Allen Knoll, who was sent to Agape Boarding School in Missouri, testifies during a committee hearing on Feb. 10, 2021, about abuse he endured.
Tim Bommel
/
Missouri House
Allen Knoll, who was sent to Agape Boarding School in Missouri, testifies during a committee hearing on Feb. 10, 2021, about abuse he endured.

Dozens of former students have gone public with their allegations of physical, mental, and sexual abuse at the Stockton-based Christian residential facility, which opened in 1996. For the last few years, Agape has been at the forefront of the state’s reckoning over abuse allegations at unlicensed faith-based boarding schools.
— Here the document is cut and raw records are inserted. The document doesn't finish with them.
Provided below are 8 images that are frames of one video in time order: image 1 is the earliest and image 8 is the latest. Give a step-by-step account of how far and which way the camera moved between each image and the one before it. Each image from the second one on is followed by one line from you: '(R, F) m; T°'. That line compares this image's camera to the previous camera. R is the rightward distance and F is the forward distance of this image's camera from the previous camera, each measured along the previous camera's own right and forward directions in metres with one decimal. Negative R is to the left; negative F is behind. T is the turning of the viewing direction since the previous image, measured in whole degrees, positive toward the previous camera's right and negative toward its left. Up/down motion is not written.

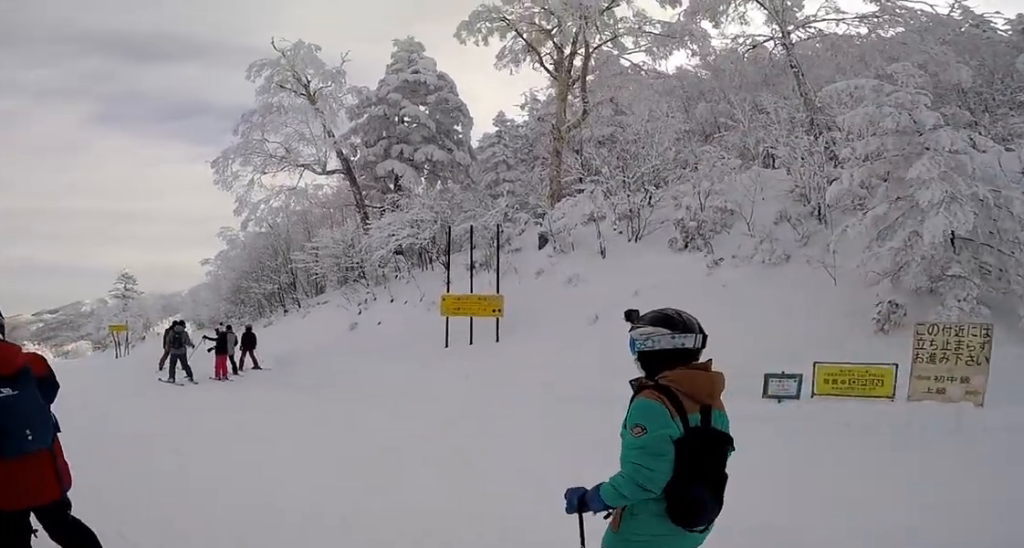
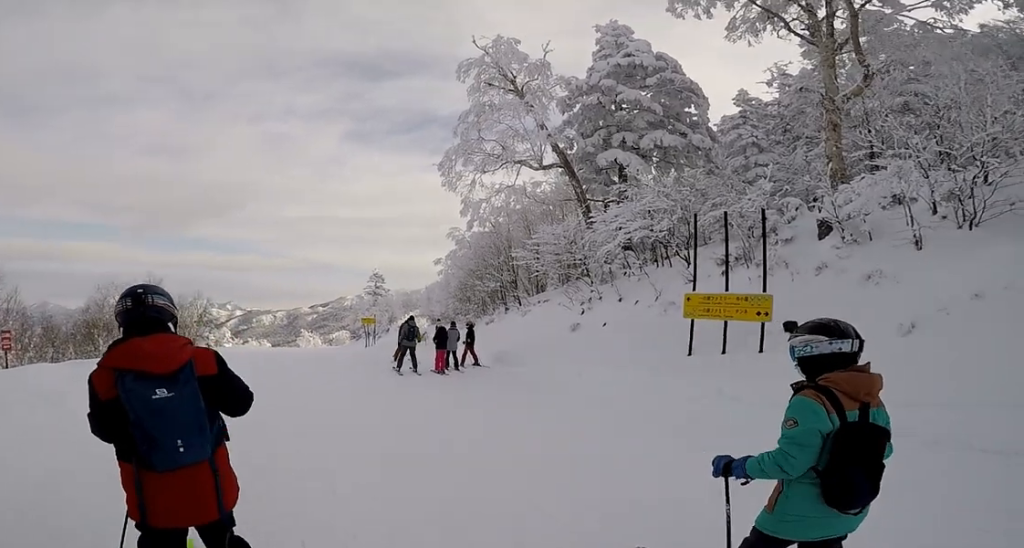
(0.0, +1.7) m; -10°
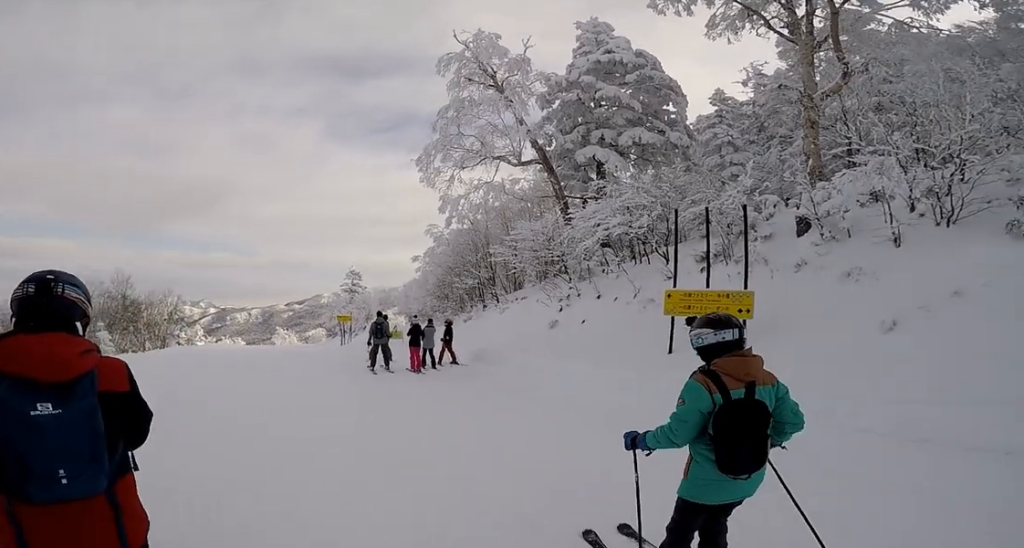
(-0.1, +1.0) m; -7°
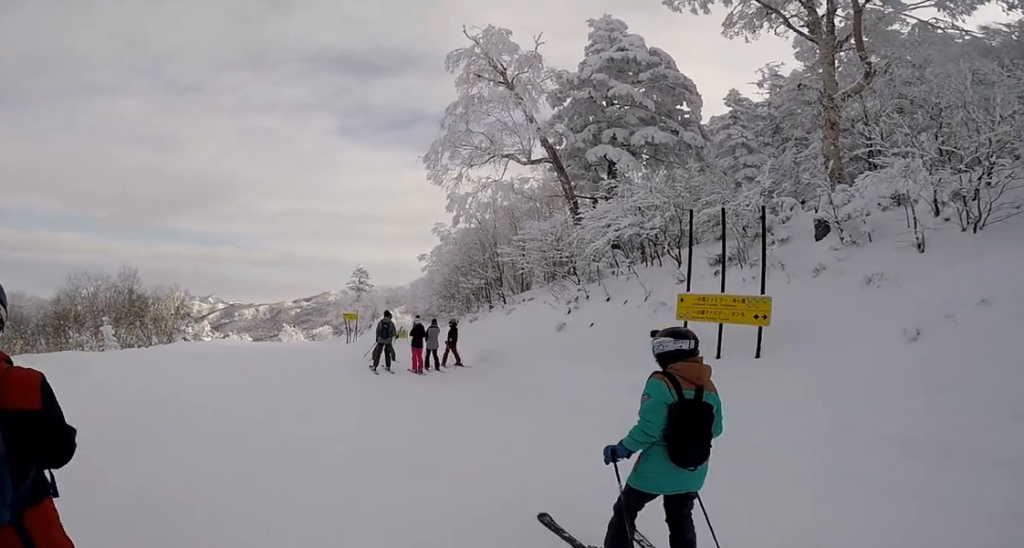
(0.0, +0.8) m; -6°
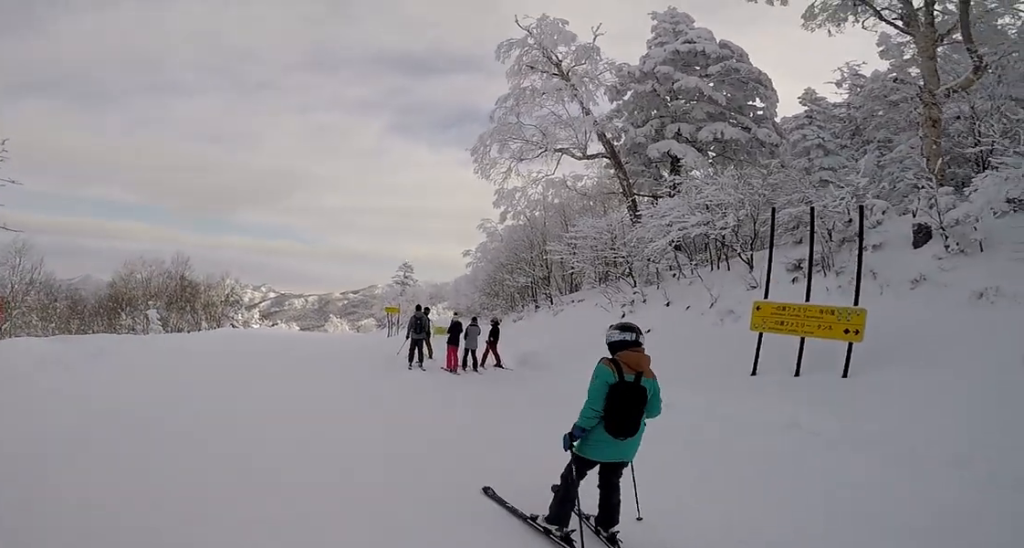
(-0.1, +1.6) m; -14°
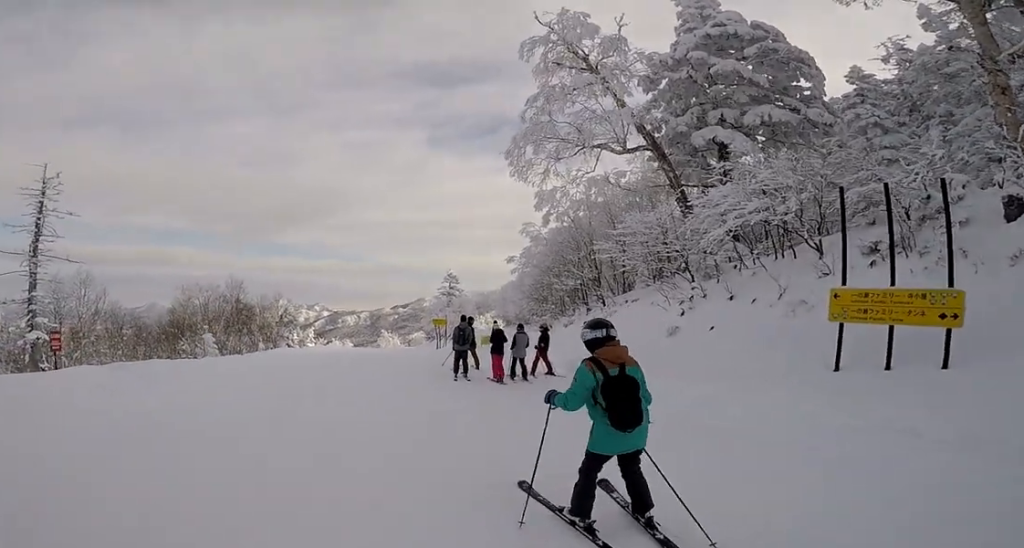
(-0.1, +0.7) m; -5°
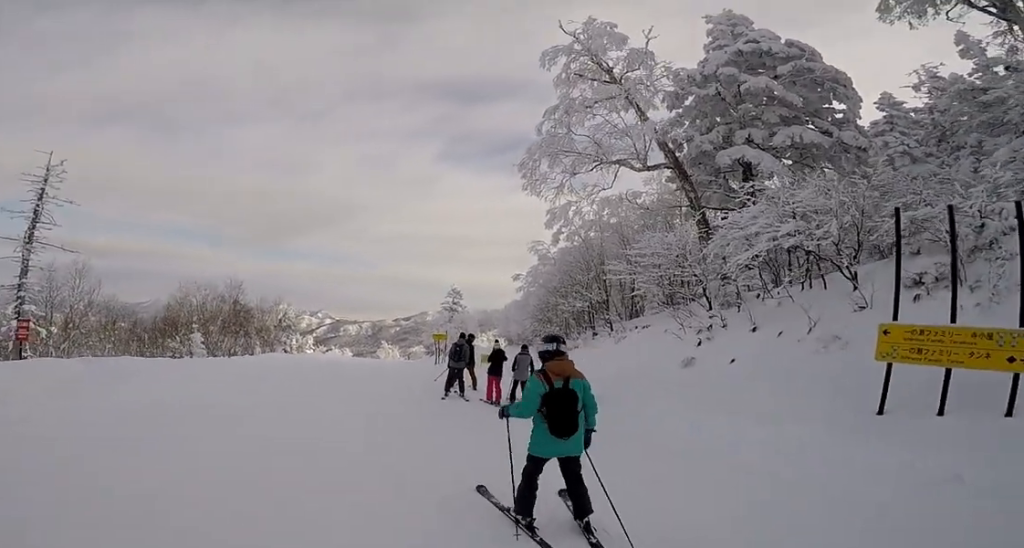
(-0.1, +1.4) m; -9°
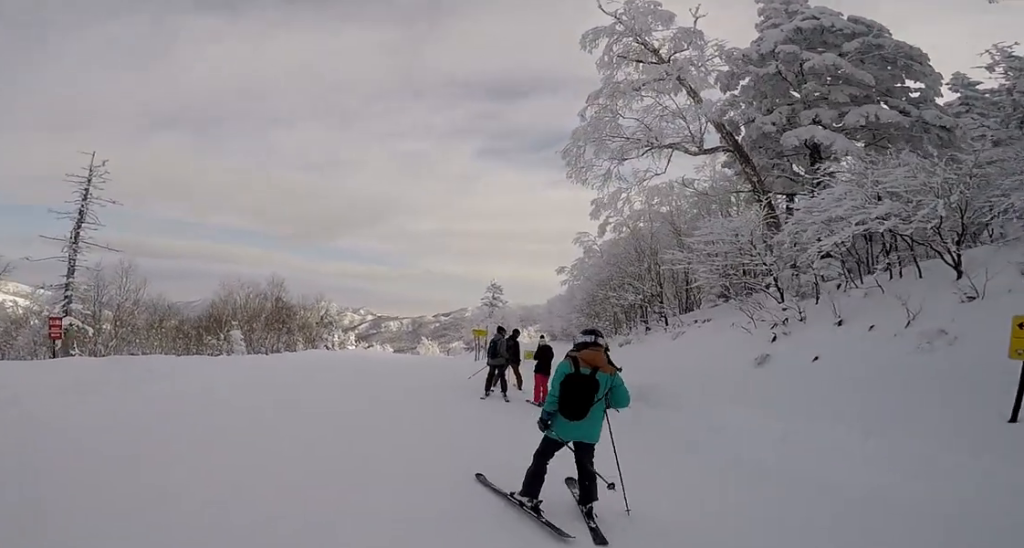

Agape Boarding School, the Stockton-based Christian residential facility under scrutiny for alleged abuse of its students over decades, announced it will shut down Jan. 20.

According to a statement provided to The Independent Wednesday afternoon by John Schultz, an attorney for Agape, the school has “made the decision to stop providing services to the boys in its care.”

“Agape’s decision to close is voluntary,” Schultz said, “and solely due to the lack of financial resources to continue caring for the boys.”

The closure is long-awaited for dozens of former students who have gone public with their allegations of physical, mental, and sexual abuse at Agape, which opened in Missouri in 1996 and has, for the last few years, been at the forefront of the state’s reckoning over abuse allegations at unlicensed faith-based boarding schools.

Allen Knoll, a former student and advocate, said he is “ecstatic for all of the survivors that have fought for so long bringing this issue to the forefront,” and called the news a “huge deal, after two and a half years of fighting.”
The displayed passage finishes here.